::: Supplied data
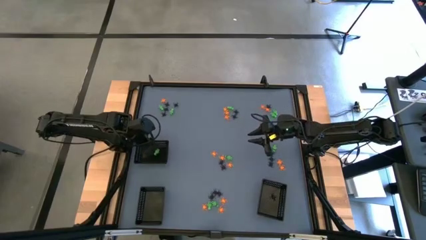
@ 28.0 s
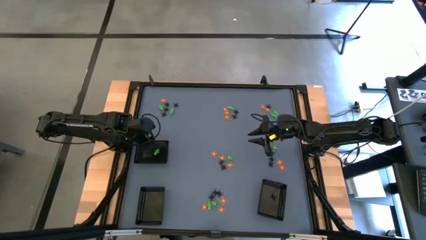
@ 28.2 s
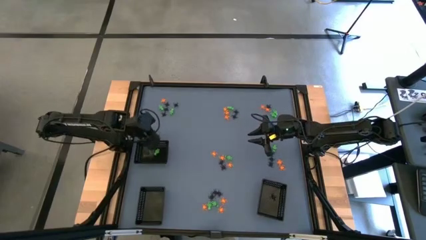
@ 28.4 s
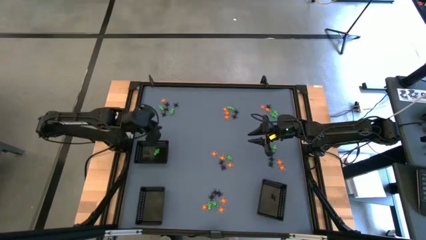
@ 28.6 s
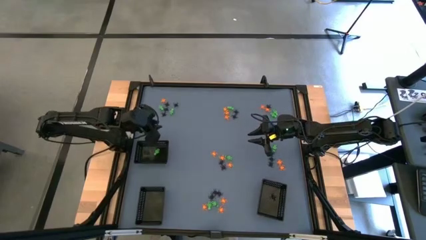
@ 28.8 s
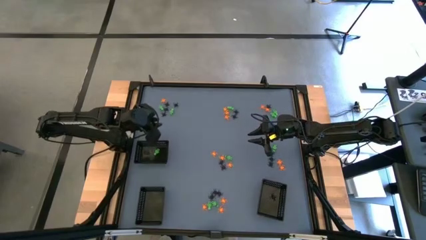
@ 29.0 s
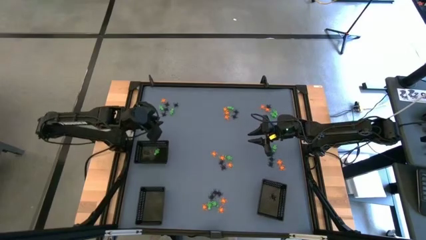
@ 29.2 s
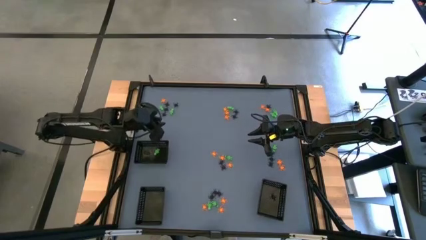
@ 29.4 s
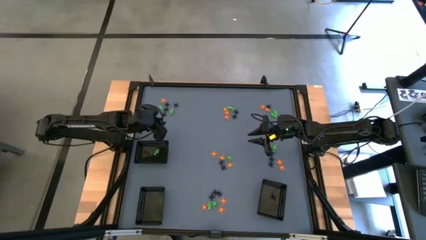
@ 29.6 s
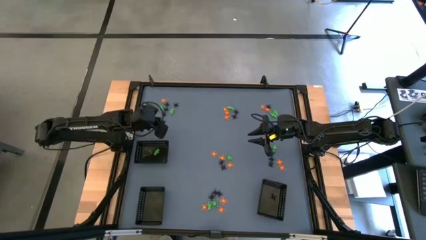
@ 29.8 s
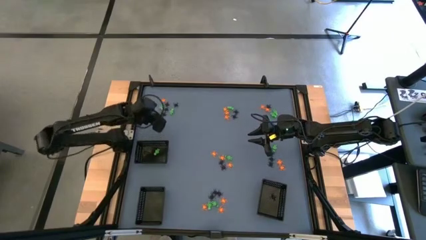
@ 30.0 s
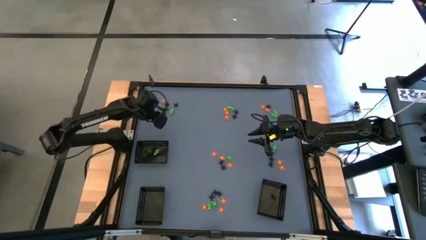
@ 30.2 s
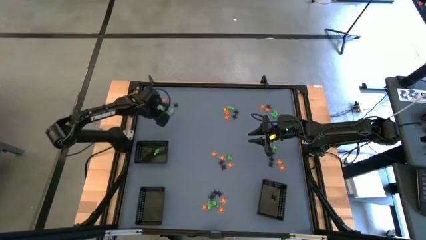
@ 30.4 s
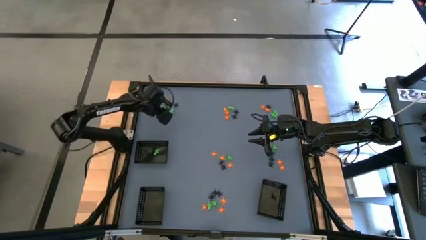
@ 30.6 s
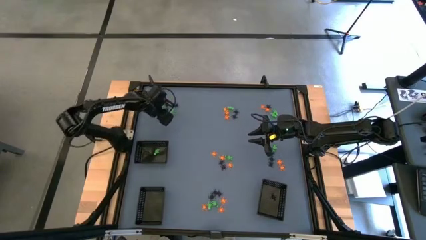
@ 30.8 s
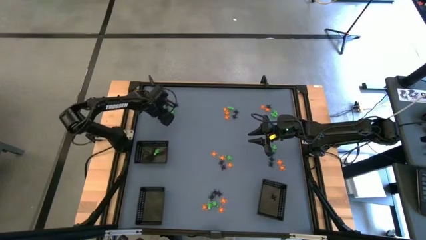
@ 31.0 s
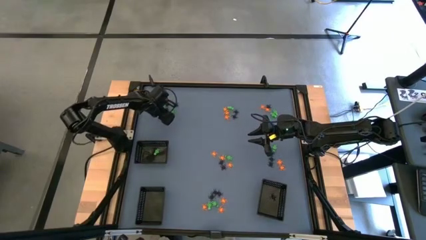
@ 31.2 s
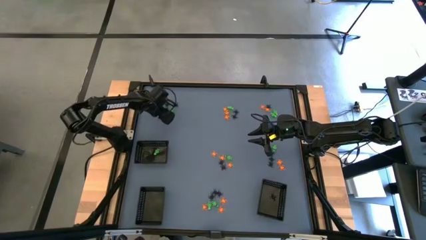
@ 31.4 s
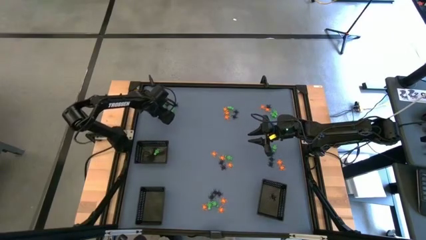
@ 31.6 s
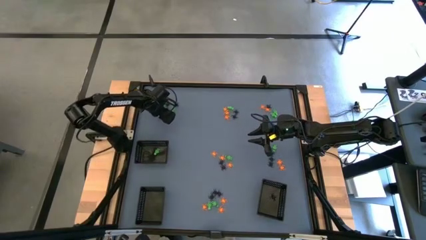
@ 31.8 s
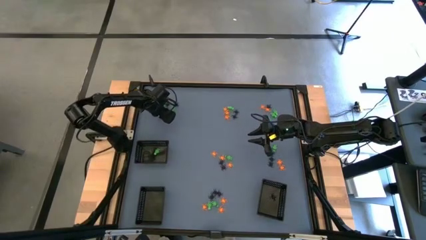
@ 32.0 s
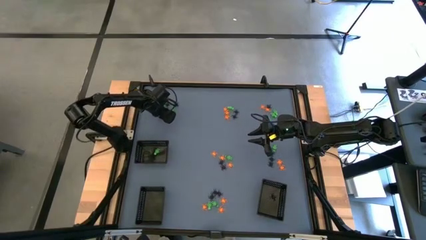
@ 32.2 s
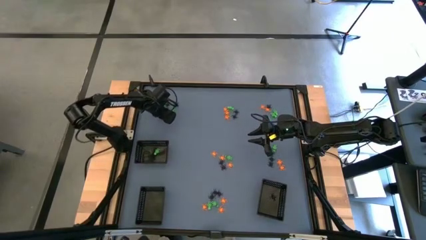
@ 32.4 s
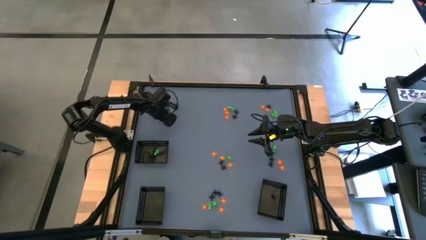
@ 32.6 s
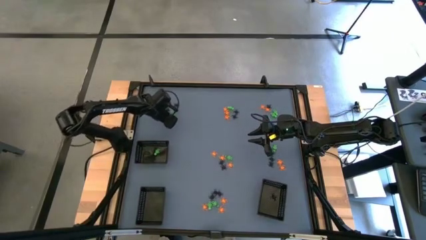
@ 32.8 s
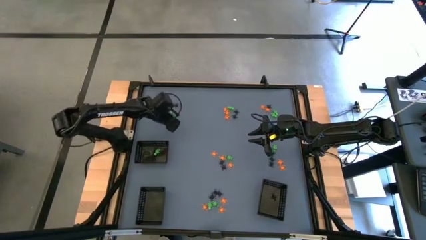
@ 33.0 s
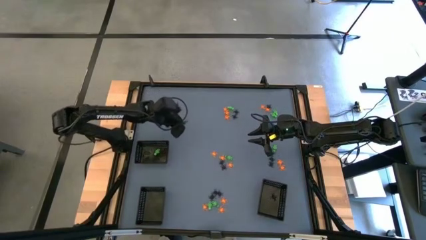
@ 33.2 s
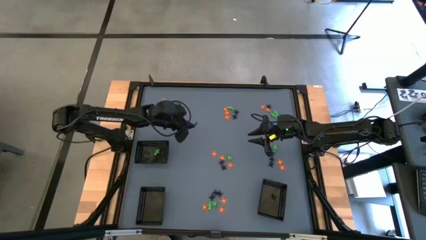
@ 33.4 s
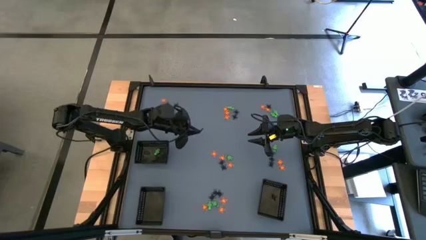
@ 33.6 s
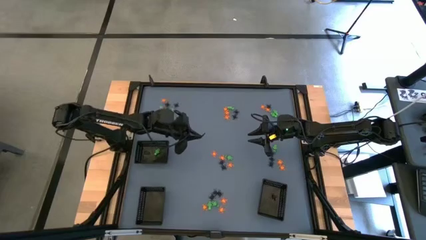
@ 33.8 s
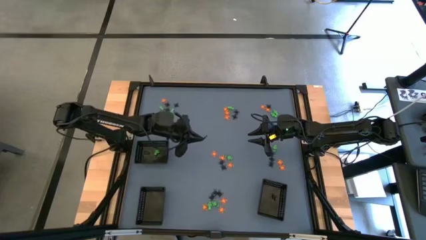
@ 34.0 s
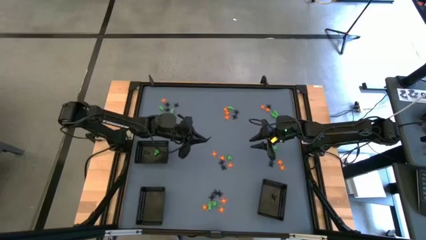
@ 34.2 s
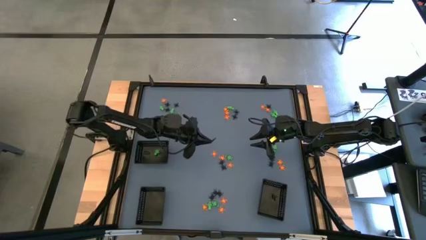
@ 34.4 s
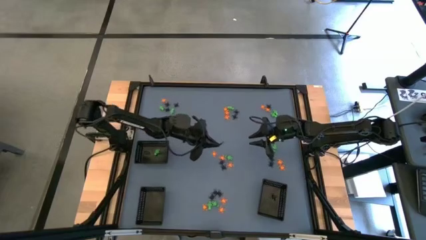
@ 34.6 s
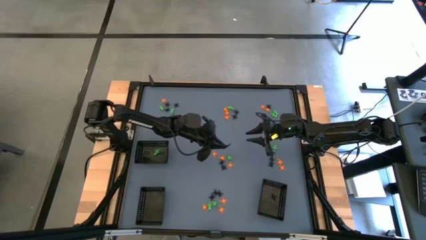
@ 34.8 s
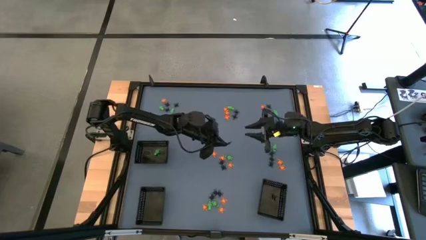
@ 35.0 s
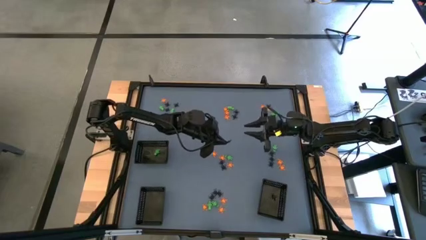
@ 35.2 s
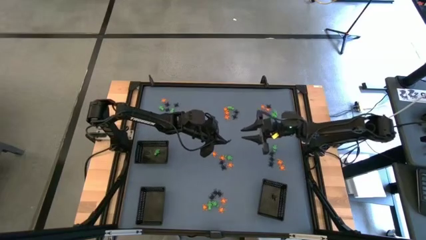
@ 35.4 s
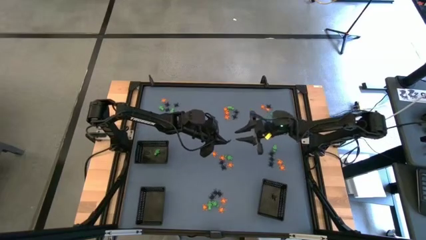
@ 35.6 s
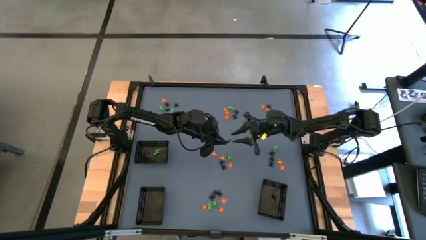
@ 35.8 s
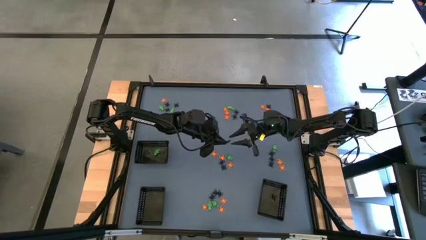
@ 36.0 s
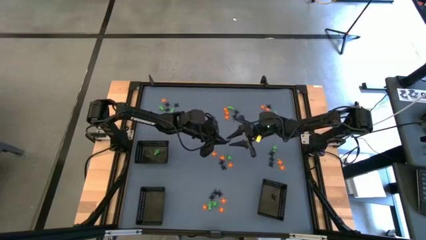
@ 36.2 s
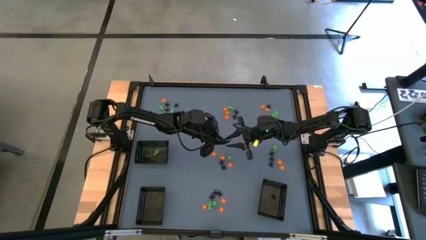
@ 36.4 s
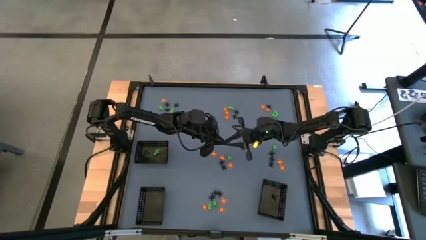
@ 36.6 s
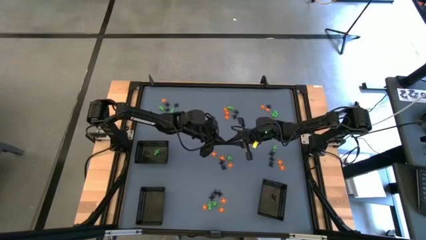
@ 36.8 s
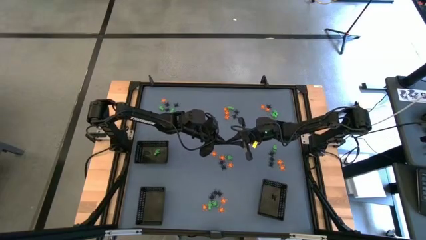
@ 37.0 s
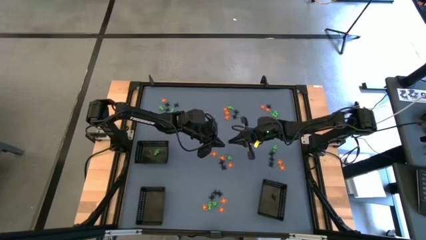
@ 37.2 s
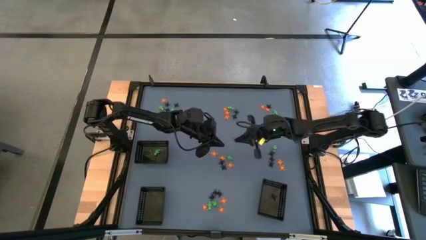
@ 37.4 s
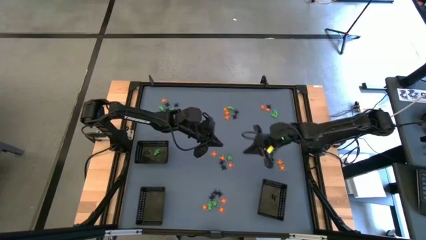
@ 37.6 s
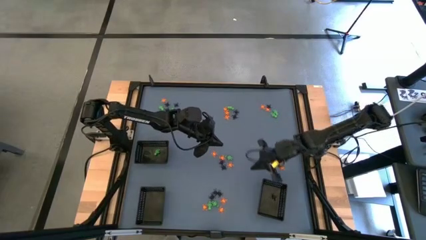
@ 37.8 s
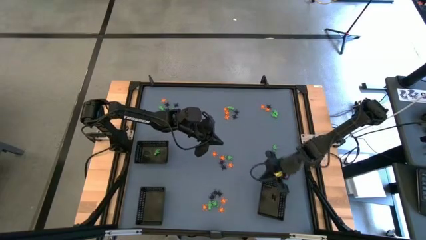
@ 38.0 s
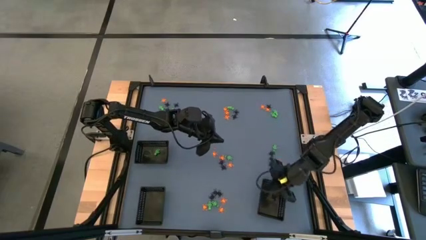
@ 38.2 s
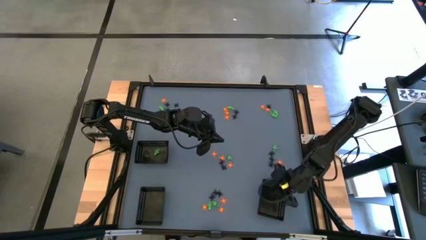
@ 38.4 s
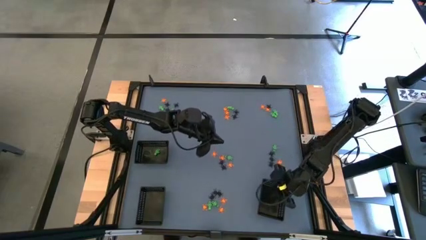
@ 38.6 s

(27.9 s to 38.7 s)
::::::
» Task prompt:
Produce a word-for-word version of the material, with no pictures included.

» Output of the task:
@ 28.0 s
@ 28.2 s
@ 28.4 s
@ 28.6 s
@ 28.8 s
@ 29.0 s
@ 29.2 s
@ 29.4 s
@ 29.6 s
@ 29.8 s
@ 30.0 s
@ 30.2 s
@ 30.4 s
@ 30.6 s
@ 30.8 s
@ 31.0 s
@ 31.2 s
@ 31.4 s
@ 31.6 s
@ 31.8 s
@ 32.0 s
@ 32.2 s
@ 32.4 s
@ 32.6 s
@ 32.8 s
@ 33.0 s
@ 33.2 s
@ 33.4 s
@ 33.6 s
@ 33.8 s
@ 34.0 s
@ 34.2 s
@ 34.4 s
@ 34.6 s
@ 34.8 s
@ 35.0 s
@ 35.2 s
@ 35.4 s
@ 35.6 s
@ 35.8 s
@ 36.0 s
@ 36.2 s
@ 36.4 s
@ 36.6 s
@ 36.8 s
@ 37.0 s
@ 37.2 s
@ 37.4 s
@ 37.6 s
@ 37.8 s
@ 38.0 s
@ 38.2 s
@ 38.4 s
@ 38.6 s

(27.9 s to 38.7 s)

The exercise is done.